The script must be a GCS file with a gs:// prefix.
* `timeout_sec` - (Optional, Computed) The maximum duration (in seconds) which `script` is
allowed to take to execute its action. GCP will default to a predetermined
computed value if not set (currently 300).
- - -
The `encryption_config` block supports:
```hcl
cluster_config {
encryption_config {
kms_key_name = "projects/projectId/locations/region/keyRings/keyRingName/cryptoKeys/keyName"
}
}
}
```
* `kms_key_name` - (Required) The Cloud KMS key name to use for PD disk encryption for
all instances in the cluster.
## Attributes Reference
In addition to the arguments listed above, the following computed attributes are
exported:
* `cluster_config.0.master_config.0.instance_names` - List of master instance names which
have been assigned to the cluster.
* `cluster_config.0.worker_config.0.instance_names` - List of worker instance names which have been assigned
to the cluster.
* `cluster_config.0.preemptible_worker_config.0.instance_names` - List of preemptible instance names which have been assigned
to the cluster.
* `cluster_config.0.bucket` - The name of the cloud storage bucket ultimately used to house the staging data
for the cluster. If `staging_bucket` is specified, it will contain this value, otherwise
it will be the auto generated name.
* `cluster_config.0.software_config.0.properties` - A list of the properties used to set the daemon config files.
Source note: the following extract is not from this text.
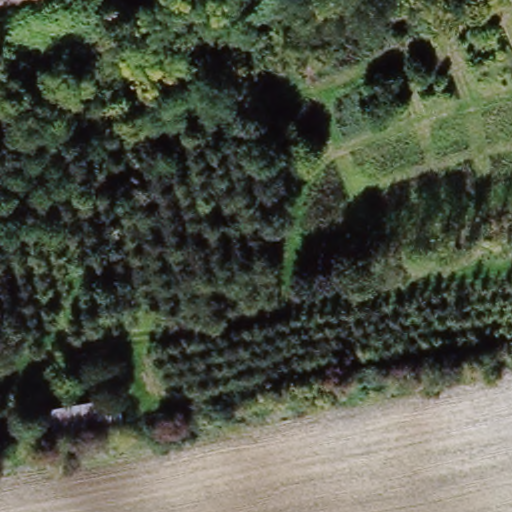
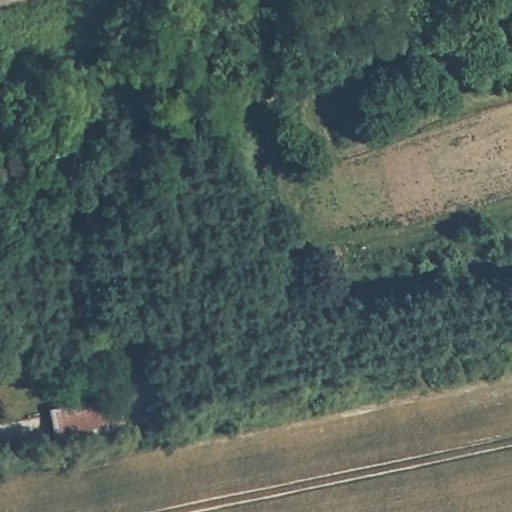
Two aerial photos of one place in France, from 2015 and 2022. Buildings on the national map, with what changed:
unchanged [(118,391),(122,424),(60,445),(55,406),(118,391)]

This will include any values supplied by the user via `cluster_config.software_config.override_properties`
## Timeouts
`google_dataproc_cluster` provides the following
[Timeouts](/docs/configuration/resources.html#timeouts) configuration options:
- `create` - (Default `10 minutes`) Used for creating clusters.
- `update` - (Default `5 minutes`) Used for updating clusters
- `delete` - (Default `5 minutes`) Used for destroying clusters.